If you're in a Western country you benefit from goods made in countries where
wages are very low and the cost of living is low. People of these countries
cannot access many of the commodities that westerners can, such as oil, which
generally has a worldwide price floor. That is, despite the price of food
fluctuating between countries, the price of oil does not. That oil represents
a natural resource that many in the west can enjoy, but the bottom 10% on < $2
per day cannot. How much of our development, how much of our lifestyles in the
West are dependent upon being able to afford oil? Does an entrepreneur in
Central African Republic have the same access to cheap manufacturing (relative
to their earning ability) in the same way that an entrepreneur in the West
does.

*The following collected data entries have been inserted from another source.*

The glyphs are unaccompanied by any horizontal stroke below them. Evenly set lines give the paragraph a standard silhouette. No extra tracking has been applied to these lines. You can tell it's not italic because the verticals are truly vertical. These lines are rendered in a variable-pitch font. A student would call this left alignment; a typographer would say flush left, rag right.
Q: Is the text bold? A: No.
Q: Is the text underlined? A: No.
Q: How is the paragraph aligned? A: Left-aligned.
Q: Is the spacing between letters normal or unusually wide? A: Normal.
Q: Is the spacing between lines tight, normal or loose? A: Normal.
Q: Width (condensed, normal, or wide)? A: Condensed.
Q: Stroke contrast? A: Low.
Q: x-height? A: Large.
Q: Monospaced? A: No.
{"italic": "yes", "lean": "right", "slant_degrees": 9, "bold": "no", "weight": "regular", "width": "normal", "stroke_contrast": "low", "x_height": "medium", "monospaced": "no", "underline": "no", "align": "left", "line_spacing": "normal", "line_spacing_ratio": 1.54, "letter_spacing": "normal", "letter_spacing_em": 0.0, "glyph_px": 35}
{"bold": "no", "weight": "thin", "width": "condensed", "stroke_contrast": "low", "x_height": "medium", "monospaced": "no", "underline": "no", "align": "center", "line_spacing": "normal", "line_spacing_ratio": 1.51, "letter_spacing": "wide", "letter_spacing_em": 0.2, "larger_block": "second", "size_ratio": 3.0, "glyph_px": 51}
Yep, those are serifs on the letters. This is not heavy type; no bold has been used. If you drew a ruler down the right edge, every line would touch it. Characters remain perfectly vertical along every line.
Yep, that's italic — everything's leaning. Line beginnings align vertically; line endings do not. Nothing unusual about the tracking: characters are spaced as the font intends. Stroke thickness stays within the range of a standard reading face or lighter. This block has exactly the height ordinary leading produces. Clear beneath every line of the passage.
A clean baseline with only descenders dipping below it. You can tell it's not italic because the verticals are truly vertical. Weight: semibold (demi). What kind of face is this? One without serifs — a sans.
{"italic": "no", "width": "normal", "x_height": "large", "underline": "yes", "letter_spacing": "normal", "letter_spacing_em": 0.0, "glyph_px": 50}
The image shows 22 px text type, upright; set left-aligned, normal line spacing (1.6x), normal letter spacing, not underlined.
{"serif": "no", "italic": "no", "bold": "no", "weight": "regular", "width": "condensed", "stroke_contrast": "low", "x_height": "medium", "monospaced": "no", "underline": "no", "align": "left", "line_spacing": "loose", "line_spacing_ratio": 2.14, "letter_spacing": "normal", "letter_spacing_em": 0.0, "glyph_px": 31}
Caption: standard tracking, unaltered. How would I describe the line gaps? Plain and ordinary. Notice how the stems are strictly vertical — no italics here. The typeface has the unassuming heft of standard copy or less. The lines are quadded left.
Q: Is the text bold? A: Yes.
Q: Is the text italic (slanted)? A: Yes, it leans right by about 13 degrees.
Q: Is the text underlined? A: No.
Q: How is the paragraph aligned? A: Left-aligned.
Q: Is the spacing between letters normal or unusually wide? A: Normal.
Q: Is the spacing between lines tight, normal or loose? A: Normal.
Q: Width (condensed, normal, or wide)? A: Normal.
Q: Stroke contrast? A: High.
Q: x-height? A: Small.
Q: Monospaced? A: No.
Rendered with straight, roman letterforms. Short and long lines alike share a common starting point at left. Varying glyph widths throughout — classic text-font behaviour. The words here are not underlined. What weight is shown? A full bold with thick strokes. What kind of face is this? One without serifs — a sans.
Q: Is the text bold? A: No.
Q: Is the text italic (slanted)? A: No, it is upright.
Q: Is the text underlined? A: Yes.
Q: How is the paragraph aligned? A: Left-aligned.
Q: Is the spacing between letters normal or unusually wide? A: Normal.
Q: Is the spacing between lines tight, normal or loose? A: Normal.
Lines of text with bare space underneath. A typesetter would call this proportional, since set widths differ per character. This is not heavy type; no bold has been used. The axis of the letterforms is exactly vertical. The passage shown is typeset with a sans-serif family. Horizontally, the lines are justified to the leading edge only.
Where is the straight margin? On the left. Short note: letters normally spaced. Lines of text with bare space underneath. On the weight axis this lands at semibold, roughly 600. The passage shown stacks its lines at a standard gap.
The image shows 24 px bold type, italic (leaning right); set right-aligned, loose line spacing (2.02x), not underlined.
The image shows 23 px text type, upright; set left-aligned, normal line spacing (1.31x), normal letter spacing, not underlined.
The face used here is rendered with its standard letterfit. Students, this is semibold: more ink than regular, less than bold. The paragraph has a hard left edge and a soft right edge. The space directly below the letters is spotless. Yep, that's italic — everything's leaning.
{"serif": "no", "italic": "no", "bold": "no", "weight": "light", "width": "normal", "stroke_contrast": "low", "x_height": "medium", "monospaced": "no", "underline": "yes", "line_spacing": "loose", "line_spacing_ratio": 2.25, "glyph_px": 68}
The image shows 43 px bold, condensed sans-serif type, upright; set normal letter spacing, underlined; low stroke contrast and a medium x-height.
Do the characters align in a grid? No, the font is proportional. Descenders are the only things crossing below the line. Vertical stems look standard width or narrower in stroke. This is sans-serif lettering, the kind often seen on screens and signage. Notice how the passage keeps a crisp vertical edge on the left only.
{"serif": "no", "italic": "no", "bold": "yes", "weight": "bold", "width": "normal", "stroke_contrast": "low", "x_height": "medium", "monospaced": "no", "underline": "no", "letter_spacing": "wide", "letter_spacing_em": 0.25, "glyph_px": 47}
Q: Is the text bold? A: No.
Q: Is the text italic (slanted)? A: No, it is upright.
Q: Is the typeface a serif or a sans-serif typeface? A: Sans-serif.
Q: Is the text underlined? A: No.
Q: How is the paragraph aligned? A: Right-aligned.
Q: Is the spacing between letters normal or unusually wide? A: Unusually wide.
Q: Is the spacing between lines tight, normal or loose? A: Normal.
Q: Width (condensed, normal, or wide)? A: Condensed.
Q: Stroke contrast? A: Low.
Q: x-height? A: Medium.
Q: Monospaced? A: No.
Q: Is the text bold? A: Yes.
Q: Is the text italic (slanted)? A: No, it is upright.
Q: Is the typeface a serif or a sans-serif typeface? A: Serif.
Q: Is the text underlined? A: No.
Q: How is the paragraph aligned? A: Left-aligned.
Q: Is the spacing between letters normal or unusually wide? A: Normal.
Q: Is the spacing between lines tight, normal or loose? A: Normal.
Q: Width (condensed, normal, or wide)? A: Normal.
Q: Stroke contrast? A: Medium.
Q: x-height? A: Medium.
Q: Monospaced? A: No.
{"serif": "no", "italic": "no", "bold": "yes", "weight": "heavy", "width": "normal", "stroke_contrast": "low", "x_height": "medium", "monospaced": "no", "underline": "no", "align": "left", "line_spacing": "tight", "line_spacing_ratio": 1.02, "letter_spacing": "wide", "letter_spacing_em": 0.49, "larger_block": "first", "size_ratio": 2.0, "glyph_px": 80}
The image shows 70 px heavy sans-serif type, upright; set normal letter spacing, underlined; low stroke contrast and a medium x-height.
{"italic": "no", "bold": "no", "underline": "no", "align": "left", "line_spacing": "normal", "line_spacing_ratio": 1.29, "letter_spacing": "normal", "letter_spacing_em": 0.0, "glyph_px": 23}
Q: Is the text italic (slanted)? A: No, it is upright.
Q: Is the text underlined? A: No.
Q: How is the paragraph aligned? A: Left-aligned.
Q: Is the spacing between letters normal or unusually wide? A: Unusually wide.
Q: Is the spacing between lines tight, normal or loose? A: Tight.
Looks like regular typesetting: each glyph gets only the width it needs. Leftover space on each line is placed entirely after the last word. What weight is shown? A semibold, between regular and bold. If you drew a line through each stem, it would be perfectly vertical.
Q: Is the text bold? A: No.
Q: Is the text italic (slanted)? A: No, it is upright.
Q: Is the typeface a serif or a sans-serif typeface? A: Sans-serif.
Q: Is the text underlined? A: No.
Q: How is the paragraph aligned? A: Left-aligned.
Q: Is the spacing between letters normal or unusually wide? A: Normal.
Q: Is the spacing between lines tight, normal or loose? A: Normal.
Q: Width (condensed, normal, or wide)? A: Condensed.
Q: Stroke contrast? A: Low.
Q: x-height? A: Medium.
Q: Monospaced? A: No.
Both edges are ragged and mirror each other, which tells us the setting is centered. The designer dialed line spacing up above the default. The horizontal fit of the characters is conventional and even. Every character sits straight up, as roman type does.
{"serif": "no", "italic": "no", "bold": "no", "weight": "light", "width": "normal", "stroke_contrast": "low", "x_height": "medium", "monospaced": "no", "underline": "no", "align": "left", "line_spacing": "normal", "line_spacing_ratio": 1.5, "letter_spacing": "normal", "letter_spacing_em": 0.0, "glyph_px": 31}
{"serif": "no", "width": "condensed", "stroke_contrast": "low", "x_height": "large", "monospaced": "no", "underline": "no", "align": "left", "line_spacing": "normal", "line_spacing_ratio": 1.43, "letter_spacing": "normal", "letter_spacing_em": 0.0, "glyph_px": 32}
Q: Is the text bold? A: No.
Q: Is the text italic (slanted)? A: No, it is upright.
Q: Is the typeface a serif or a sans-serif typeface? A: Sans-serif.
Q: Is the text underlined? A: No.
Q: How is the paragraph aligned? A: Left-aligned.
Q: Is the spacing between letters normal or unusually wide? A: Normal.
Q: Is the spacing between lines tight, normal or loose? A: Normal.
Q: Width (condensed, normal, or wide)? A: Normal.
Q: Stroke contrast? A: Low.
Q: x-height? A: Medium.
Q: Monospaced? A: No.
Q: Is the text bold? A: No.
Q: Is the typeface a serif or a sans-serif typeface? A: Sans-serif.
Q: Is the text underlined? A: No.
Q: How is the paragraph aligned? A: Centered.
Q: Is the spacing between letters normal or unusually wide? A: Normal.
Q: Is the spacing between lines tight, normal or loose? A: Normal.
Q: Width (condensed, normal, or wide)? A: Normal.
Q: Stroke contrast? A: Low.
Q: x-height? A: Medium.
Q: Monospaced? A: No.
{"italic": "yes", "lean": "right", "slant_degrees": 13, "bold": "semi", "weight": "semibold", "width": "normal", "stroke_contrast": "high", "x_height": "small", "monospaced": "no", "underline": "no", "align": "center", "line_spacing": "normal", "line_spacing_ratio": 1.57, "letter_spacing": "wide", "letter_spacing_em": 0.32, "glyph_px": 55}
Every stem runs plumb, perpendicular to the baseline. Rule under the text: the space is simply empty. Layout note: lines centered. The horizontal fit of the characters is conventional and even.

No.

The second person used in the article to "explain" why the figure is
misleading, despite having a career made largely on the back of denying wealth
inequality as a problem and the link being to a website called "cafe hayek",
merely divides $17.5 trillion by the population of the world at the time and
gets approximately the same as what I do.

What, precisely, did the top eight do that was so great a service to humanity
that it entitles them to the same* purchasing power of natural resources as
the poorest half of the world, especially given that the more valuable
resources accumulated over millions of years? There's at least three of those
figures whose vehicles of wealth accumulation are not universally worshipped
in this community: Bill Gates (Microsoft), Mark Zuckerberg (Facebook) and
Larry Ellison (Oracle).

*ignoring asset liquidity, which is arguably a big problem when discussing the assets of the super rich.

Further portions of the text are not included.